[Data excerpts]
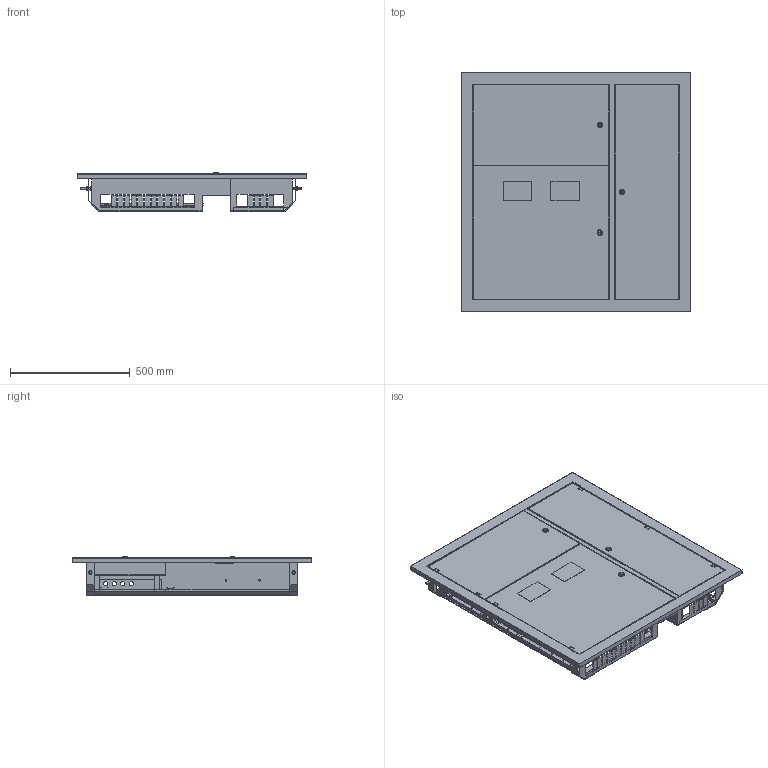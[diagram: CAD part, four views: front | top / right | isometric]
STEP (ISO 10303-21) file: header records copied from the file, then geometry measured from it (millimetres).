
FILE_DESCRIPTION (( 'STEP AP214' ), '1' );
FILE_NAME ('MKM42-02-31 Êîðïóñ ìåòàëëè÷åñêèé ÙÝ-2-1 36 ÓÕË3 IP31.STEP', '2016-08-04T08:14:15', ( 'user' ), ( '' ), 'SwSTEP 2.0', 'SolidWorks 2014', '' );
FILE_SCHEMA (( 'AUTOMOTIVE_DESIGN' ));
Length unit declared in the file: millimetre
Products named in the file (7): 冓憵 欼-2-1; Îáîëî÷êà ÙÝ-õ-1; MKM42-02-31 Êîðïóñ ìåòàëëè÷åñêèé ÙÝ-2-1 36 ÓÕË3 IP31; Áîëò ÃÎÑÒ 7798_Œ8å40; Äâåðü îòñåêà ðàñïðåäåëåíèÿ ÙÝ-õ-1; Äâåðü ñëàáîòî÷íîãî îòñåêà ÙÝ-õ-1; Äâåðü ó÷¸òíîãî îòñåêà ÙÝ-2-1
Assembly tree (9 placements, depth 2):
  MKM42-02-31 Êîðïóñ ìåòàëëè÷åñêèé ÙÝ-2-1 36 ÓÕË3 IP31
    Îáîëî÷êà ÙÝ-õ-1
    冓憵 欼-2-1
    Äâåðü ó÷¸òíîãî îòñåêà ÙÝ-2-1
    Äâåðü ñëàáîòî÷íîãî îòñåêà ÙÝ-õ-1
    Äâåðü îòñåêà ðàñïðåäåëåíèÿ ÙÝ-õ-1
    Áîëò ÃÎÑÒ 7798_Œ8å40  x4
Bounding box: 960 x 1000 x 164.79 mm (x, y, z)
Volume: 2391806.3 mm3; surface area: 4414193.8 mm2
Topology: 38 solids, 38 shells, 3203 faces, 9007 edges, 5823 vertices
Faces by surface type: plane 2430, cylinder 683, cone 78, bspline 12
Entity records: 103480 total; most frequent: CARTESIAN_POINT 18580, ORIENTED_EDGE 17774, DIRECTION 16481, EDGE_CURVE 8887, LINE 7337, VECTOR 7337, VERTEX_POINT 5751, AXIS2_PLACEMENT_3D 4572

§ **Your goal**: Starting at the line that contains "STEP (ISO 10303-21)" and stopping after the line that contains "FILE_SCHEMA (( 'AUTOMOTIVE_DESIGN' ));", write out every line exactly as it appears above, and no other line.

§ **Answer to the exercise**:
STEP (ISO 10303-21) file: header records copied from the file, then geometry measured from it (millimetres).
FILE_DESCRIPTION (( 'STEP AP214' ), '1' );
FILE_NAME ('MKM42-02-31 Êîðïóñ ìåòàëëè÷åñêèé ÙÝ-2-1 36 ÓÕË3 IP31.STEP', '2016-08-04T08:14:15', ( 'user' ), ( '' ), 'SwSTEP 2.0', 'SolidWorks 2014', '' );
FILE_SCHEMA (( 'AUTOMOTIVE_DESIGN' ));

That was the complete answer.